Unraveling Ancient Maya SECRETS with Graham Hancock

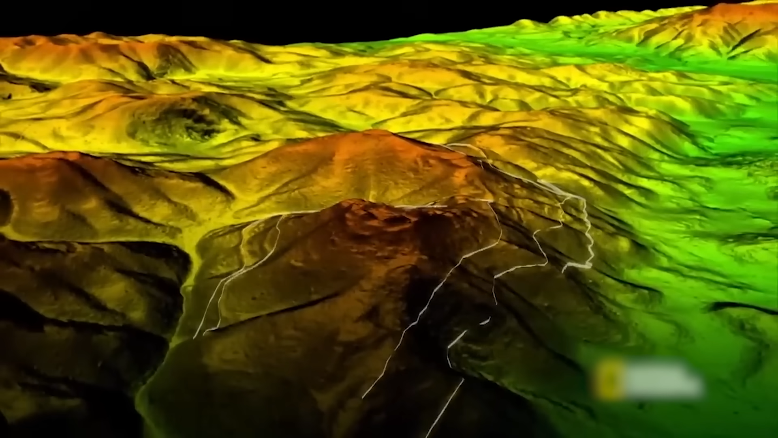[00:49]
scientists now have an unprecedented ability to see beneath the surface,
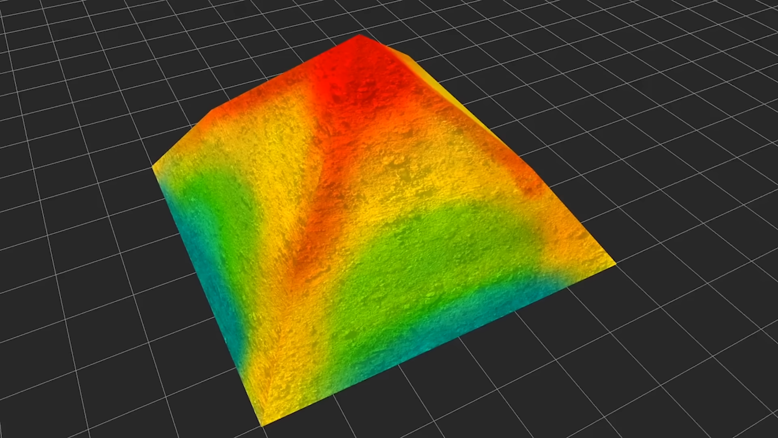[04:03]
What makes LIDAR revolutionary is its ability to see through the thick vegetation,
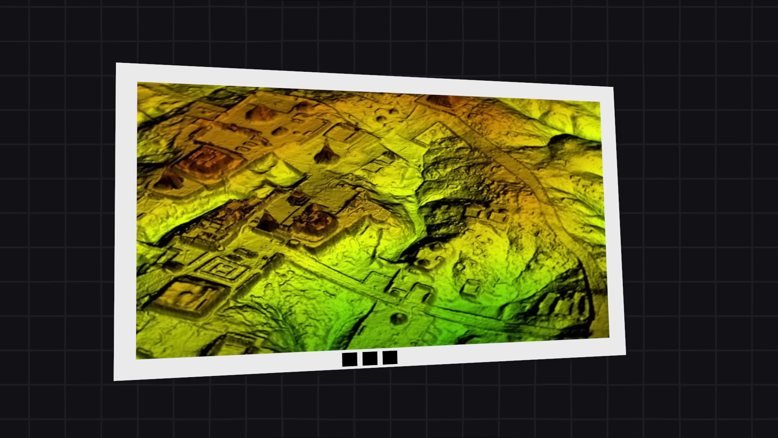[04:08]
offering researchers a clear view of the terrain and ancient structures that were once hidden.
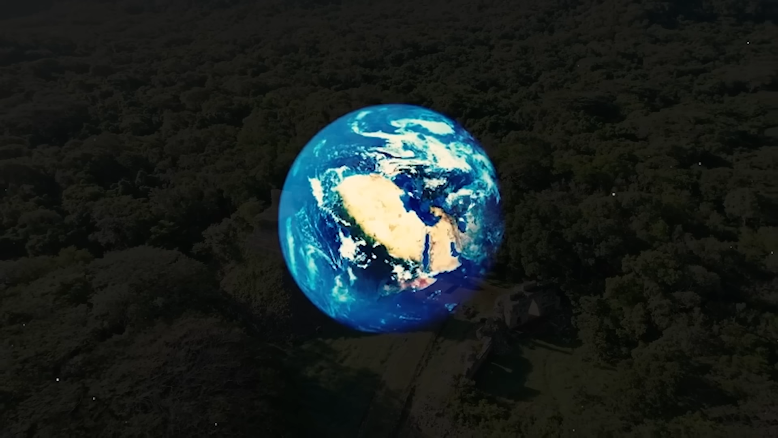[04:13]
This technology has given scientists what almost feels like X-ray vision of the Earth,
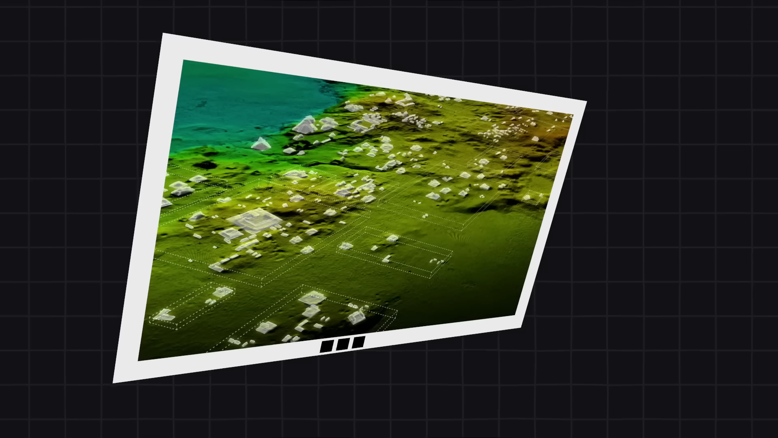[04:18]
revealing ancient cities, highways,
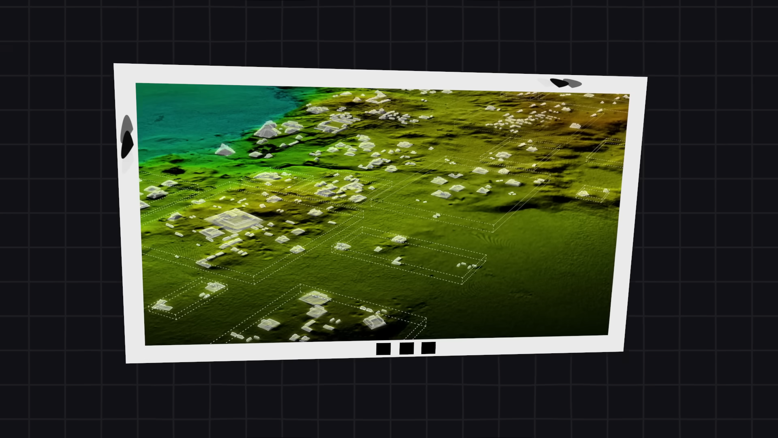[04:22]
and even complex urban layouts that were previously invisible to the naked eye. The LIDAR scans have uncovered the existence of vast networks of roads and causeways,
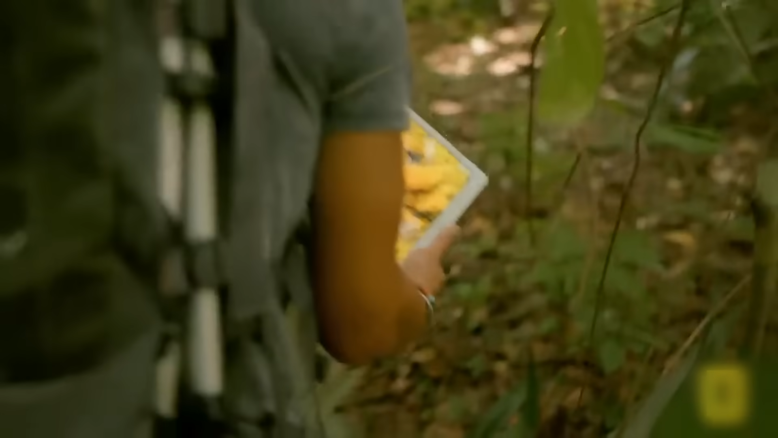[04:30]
some of which are more than 130 feet wide, wide enough to dwarf modern highways.
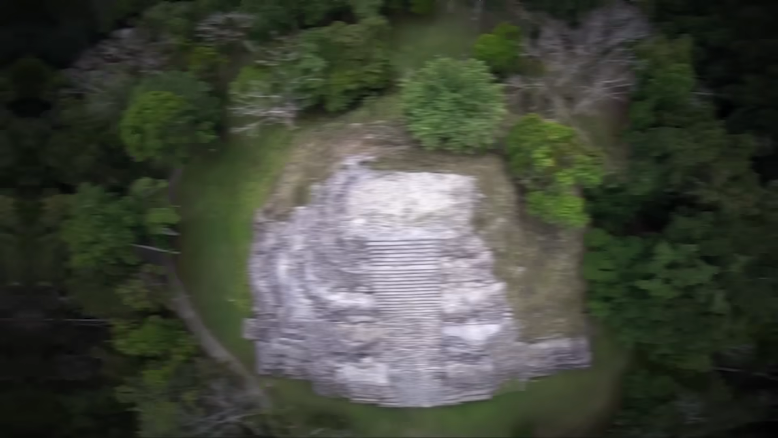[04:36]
These discoveries, built over a thousand years ago, challenge our understanding of how the Maya built and navigated their expansive civilization.
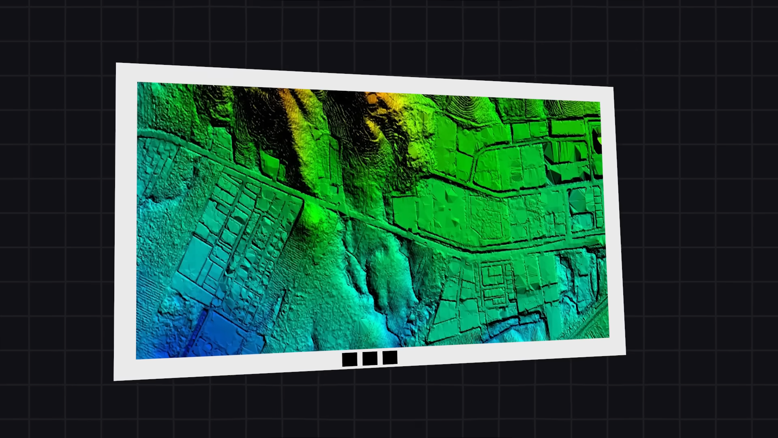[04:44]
LIDAR has proven to be a game-changer in uncovering the lost world of the Maya and is continuing to reshape our historical narrative.
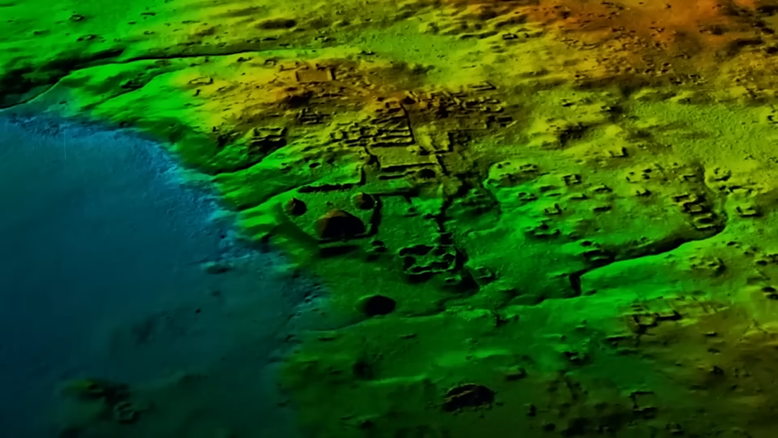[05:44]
However, the LIDAR data revealed vast networks of urban centers,

= = = = =

YOUR INSTRUCTIONS: Repeat the entries word for word and skip the pictures.

TASK RESPONSE:
Unraveling Ancient Maya SECRETS with Graham Hancock

[00:49]
scientists now have an unprecedented ability to see beneath the surface,
[04:03]
What makes LIDAR revolutionary is its ability to see through the thick vegetation,
[04:08]
offering researchers a clear view of the terrain and ancient structures that were once hidden.
[04:13]
This technology has given scientists what almost feels like X-ray vision of the Earth,
[04:18]
revealing ancient cities, highways,
[04:22]
and even complex urban layouts that were previously invisible to the naked eye. The LIDAR scans have uncovered the existence of vast networks of roads and causeways,
[04:30]
some of which are more than 130 feet wide, wide enough to dwarf modern highways.
[04:36]
These discoveries, built over a thousand years ago, challenge our understanding of how the Maya built and navigated their expansive civilization.
[04:44]
LIDAR has proven to be a game-changer in uncovering the lost world of the Maya and is continuing to reshape our historical narrative.
[05:44]
However, the LIDAR data revealed vast networks of urban centers,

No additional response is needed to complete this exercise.